Saturday, January 03, 2009

Organizing my Dissertation

This morning, Sarah woke up just before 6 am, ate some string cheese, and then we went back to bed. I couldn't sleep as thoughts of my dissertation spiraled through my head. One of my goals for the immediate future is to improve my outline. I started with an outline that was approved by my dissertation committee. After the first two chapters were written, my director recommended that I base the entire dissertation on an expanded version of the second chapter. This fall then I fleshed out the original chapter, forging a new document of five chapters, bringing the page total just on 'Macarius' view of Rest' to about 50 pages. Then I attended a dissertation seminar that encouraged me to take all of the data I've compiled so far and try to look at it from a fresh perspective in the hopes that a more original thesis might emerge. I worked hard at this approach and decided the dissertation would be more meaningful if I looked at 'the place of Rest in the theology of Macarius'. Once I made that decision, I started writing again using a new outline. Now I have about 20 pages of writing from the new outline and 50 pages from the old outline. This morning, I worked at integrating the two outlines. I didn't get very far, but I did see that while it will be take time to integrate all of this material, it will be possible and it will make the project more organized. I found a quote online saying that we're in a world of information overload and unless the material being presented is in a logical, coherent form, it will not be helpful. I'm convinced that the topic is worthwhile, so now I need to take the time to make the details of the topic more approachable. Professor Corliss, from Marquette's Engineering Department, has a webpage that discusses about the dissertation outline as an engineering specification. I found his remarks about 'scope creep and schedule slip' very helpful:

If you are writing an MS thesis or a PhD dissertation, the Graduate School requires an outline. For a dissertation, EECE Graduate Student Handbook requires a proposal. You might be able to get away with doing these near the end of your project, by I strongly recommend you complete them early and that you complete them well.
Why?
#1 Project management. A dissertation is an engineering project, and it benefits from being managed like one. The risk of scope creep and schedule slip is VERY high. No one would consider undertaking a 1-2 year engineering project with a two page Statement of Work, but that is what you are doing. The cost to you of a loose plan is surely AT LEAST an extra semester of lost income, and probably more.
#2 Specification. Related to #1. No good engineer would undertake a 1-2 year project without a clearly specified acceptance test. How will you and your client (your committee) know you are done? Without a tight specification for the output, it is likely that you do work that turns out to be unnecessary, and it is likely that the committee will add scope (work) beyond what was originally intended. The cost to you of a loose project specification is the possibility of committee members continuing to ask, "Yes, that's good, but now you need to do this too."
#3 Protection. You may know colleagues who thought they were done, but one committee member or another kept insisting that they add one chapter after another, resulting in MAJOR delay in graduating. If you have a tight specification, and everyone on the committee agrees in advance that if you do what your plan says, we'll call it a degree; and you DO what your plan says; then it is a little harder for a committee member to demand more. A good Statement of Work protects engineers from unreasonably demanding clients. The time to agree on a Statement of Work is before the project begins.

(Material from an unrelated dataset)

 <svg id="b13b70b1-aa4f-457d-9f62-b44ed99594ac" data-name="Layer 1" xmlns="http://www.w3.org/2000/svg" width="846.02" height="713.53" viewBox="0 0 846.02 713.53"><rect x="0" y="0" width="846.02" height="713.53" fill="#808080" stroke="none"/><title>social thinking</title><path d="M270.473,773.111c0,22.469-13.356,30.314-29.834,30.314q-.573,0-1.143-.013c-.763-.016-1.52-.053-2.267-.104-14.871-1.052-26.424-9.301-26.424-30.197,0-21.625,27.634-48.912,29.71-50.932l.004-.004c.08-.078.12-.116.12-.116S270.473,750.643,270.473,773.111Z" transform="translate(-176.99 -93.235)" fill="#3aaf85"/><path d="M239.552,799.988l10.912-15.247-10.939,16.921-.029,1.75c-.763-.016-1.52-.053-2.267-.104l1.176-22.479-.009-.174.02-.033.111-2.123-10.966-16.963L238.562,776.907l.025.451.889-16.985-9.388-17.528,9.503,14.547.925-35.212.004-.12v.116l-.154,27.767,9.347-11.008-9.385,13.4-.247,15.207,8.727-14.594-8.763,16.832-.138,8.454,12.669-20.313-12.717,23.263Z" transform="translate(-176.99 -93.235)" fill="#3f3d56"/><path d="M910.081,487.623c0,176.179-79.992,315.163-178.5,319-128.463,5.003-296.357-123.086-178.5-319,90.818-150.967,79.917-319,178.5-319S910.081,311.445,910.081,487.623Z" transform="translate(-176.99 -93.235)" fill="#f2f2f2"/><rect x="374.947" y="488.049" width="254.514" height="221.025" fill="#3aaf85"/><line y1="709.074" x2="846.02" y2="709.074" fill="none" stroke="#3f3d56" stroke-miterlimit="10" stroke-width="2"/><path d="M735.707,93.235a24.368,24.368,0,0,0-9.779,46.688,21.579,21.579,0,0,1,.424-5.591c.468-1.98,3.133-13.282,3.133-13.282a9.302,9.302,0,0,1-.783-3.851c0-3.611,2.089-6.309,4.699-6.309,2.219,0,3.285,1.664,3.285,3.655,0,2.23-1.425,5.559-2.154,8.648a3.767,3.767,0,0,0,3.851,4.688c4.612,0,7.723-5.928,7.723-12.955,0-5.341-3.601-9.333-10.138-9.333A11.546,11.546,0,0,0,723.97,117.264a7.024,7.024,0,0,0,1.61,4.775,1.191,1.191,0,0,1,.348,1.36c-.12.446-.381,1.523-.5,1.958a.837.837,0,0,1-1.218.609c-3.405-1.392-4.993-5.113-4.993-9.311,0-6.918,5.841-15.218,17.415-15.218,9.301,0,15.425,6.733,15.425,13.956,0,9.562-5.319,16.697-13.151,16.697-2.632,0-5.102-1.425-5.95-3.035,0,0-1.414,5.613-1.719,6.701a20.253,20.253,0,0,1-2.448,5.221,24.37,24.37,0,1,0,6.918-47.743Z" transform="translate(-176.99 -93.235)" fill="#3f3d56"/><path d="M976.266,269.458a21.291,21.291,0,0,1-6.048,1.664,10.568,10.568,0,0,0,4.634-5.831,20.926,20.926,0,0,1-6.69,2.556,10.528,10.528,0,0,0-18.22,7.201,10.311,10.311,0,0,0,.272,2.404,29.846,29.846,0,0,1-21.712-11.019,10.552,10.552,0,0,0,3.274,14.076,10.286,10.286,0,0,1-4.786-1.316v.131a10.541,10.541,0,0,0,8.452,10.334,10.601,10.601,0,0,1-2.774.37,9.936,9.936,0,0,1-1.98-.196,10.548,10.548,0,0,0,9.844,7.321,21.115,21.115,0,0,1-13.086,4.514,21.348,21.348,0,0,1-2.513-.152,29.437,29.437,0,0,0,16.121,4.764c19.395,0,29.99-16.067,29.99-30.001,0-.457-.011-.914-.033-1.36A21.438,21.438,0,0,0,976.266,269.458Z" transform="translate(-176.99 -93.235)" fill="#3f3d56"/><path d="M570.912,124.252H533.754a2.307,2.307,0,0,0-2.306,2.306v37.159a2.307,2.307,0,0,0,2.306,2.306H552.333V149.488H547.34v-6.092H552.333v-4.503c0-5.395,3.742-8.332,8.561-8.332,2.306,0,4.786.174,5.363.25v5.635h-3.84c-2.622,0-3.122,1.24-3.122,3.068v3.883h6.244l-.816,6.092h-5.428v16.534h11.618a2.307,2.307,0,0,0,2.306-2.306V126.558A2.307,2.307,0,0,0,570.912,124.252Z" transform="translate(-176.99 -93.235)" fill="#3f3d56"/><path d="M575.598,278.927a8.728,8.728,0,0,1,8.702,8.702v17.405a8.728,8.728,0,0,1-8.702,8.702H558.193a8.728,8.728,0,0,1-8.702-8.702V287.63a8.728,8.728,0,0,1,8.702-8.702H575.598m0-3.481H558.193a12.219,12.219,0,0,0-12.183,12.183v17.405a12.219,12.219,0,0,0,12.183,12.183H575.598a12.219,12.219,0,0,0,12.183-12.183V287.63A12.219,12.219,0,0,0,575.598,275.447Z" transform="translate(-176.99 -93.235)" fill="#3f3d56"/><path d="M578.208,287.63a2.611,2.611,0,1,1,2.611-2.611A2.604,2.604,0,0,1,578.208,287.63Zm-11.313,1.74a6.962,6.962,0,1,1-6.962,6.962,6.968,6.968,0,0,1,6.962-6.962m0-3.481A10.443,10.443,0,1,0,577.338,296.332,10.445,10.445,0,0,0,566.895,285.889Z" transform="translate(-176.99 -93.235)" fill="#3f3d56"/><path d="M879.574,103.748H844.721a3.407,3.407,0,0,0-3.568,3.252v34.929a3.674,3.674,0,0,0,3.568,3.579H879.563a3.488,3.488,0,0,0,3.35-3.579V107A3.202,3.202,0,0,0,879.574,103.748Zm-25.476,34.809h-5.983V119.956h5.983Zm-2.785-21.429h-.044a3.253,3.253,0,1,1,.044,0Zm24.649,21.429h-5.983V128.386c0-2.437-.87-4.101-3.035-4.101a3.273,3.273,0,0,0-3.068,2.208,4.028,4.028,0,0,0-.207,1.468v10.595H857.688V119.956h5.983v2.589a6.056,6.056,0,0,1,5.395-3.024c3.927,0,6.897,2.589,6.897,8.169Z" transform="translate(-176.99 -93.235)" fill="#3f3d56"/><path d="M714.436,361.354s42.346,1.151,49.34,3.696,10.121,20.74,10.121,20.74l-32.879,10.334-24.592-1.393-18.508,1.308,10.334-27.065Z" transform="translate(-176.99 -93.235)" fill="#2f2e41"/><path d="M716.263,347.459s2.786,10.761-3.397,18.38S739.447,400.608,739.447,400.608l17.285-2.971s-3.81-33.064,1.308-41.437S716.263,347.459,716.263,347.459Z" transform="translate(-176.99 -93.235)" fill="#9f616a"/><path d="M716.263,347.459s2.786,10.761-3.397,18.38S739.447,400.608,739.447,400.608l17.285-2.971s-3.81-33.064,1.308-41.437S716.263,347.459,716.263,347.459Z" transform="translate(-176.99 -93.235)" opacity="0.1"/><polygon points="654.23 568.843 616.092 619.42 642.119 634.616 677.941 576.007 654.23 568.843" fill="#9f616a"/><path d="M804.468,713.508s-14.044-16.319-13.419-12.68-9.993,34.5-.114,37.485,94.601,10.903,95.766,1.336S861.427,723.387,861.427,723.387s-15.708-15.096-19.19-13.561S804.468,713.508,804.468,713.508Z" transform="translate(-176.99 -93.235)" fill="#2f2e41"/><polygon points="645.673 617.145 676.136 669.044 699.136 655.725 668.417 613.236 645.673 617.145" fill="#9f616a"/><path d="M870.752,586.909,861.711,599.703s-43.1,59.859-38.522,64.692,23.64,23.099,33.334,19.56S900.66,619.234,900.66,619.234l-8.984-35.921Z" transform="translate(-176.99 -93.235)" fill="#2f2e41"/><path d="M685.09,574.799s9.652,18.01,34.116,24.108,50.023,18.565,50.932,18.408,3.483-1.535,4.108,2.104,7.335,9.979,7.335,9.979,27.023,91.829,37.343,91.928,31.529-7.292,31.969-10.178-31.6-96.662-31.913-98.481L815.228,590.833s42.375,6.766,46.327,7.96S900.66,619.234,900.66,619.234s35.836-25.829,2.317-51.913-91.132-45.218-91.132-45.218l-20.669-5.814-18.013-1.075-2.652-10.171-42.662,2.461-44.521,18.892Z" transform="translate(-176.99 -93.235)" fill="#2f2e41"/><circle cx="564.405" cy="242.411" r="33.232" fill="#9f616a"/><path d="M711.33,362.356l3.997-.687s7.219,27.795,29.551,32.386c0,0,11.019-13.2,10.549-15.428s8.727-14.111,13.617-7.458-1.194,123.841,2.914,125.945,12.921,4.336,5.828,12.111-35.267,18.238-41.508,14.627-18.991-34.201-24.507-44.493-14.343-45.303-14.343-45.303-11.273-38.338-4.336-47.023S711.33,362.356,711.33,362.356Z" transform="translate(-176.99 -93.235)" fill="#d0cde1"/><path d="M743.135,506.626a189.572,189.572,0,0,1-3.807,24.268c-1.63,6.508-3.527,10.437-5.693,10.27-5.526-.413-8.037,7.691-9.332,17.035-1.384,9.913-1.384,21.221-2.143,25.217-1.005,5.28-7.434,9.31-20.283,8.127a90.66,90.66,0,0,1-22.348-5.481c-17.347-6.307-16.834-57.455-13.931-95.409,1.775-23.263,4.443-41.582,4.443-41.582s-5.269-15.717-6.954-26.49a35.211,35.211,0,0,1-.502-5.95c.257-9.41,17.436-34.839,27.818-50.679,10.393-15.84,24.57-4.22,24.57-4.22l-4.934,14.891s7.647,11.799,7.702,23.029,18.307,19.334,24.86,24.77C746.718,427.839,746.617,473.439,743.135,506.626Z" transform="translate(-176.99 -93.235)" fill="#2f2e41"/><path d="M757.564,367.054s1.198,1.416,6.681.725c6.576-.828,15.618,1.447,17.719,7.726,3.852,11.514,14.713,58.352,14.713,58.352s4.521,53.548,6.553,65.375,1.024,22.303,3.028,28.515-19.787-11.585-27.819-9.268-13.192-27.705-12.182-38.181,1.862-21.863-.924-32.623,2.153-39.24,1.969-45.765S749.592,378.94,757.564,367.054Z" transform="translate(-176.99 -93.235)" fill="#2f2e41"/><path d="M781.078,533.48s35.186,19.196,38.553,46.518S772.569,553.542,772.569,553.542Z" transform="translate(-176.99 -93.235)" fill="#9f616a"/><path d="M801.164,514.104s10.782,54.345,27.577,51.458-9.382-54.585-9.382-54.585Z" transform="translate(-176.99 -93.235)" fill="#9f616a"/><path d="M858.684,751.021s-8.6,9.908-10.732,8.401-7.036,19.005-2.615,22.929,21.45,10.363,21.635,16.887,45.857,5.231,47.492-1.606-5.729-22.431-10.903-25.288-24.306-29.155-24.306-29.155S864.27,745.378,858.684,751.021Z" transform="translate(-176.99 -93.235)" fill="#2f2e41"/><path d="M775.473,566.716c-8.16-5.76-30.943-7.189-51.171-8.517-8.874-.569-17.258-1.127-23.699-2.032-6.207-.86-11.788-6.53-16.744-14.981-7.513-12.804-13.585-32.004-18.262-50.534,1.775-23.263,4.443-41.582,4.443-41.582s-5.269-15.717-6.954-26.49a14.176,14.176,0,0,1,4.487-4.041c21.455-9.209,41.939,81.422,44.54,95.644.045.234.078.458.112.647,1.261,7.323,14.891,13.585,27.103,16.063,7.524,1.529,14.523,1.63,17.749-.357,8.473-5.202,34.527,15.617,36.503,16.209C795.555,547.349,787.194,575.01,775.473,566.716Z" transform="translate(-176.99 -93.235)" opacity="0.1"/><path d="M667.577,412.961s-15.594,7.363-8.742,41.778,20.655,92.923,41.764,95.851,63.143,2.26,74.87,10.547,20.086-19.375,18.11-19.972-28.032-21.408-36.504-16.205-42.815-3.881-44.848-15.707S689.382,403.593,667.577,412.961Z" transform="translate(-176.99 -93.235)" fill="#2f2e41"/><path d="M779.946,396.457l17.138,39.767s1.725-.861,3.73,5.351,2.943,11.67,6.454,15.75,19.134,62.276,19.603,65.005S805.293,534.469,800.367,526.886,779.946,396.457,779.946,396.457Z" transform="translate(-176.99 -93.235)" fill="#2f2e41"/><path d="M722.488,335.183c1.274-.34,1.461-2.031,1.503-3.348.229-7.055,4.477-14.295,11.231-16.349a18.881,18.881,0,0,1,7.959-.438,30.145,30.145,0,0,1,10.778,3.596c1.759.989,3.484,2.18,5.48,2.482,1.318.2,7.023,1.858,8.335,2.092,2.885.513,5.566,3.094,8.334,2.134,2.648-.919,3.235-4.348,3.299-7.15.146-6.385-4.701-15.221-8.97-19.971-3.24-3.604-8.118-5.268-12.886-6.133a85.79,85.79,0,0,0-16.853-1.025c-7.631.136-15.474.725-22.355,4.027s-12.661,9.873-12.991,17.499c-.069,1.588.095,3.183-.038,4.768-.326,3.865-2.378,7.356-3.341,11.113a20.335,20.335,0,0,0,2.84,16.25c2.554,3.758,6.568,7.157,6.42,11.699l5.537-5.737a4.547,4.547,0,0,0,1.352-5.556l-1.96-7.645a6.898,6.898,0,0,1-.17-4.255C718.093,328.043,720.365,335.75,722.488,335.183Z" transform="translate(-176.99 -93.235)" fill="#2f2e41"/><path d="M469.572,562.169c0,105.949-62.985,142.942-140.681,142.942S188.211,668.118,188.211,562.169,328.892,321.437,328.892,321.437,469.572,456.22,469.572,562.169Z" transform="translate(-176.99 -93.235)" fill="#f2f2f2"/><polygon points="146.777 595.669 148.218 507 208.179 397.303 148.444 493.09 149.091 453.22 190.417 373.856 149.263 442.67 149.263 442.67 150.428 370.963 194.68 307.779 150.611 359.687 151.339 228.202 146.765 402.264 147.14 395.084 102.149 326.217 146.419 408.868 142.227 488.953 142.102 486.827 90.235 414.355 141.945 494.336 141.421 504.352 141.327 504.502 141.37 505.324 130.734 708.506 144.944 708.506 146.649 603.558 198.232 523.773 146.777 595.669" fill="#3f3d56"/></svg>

The above is borrowed from this website: http://www.eng.mu.edu/corlissg/Advice/thesis_outline.html

One of my high school friends who finished his Ph.D. recently believes that one of the keys to finishing is good project management skills. He developed these skills in part through a consulting job. This will be my focus in the next few weeks, developing a clearer, more logical outline, writing a detailed work plan, and writing five days a week, 15 minutes or more on Mondays and Fridays, and longer stretches on Tuesday through Thursday when Sarah's in daycare. The fruit will come!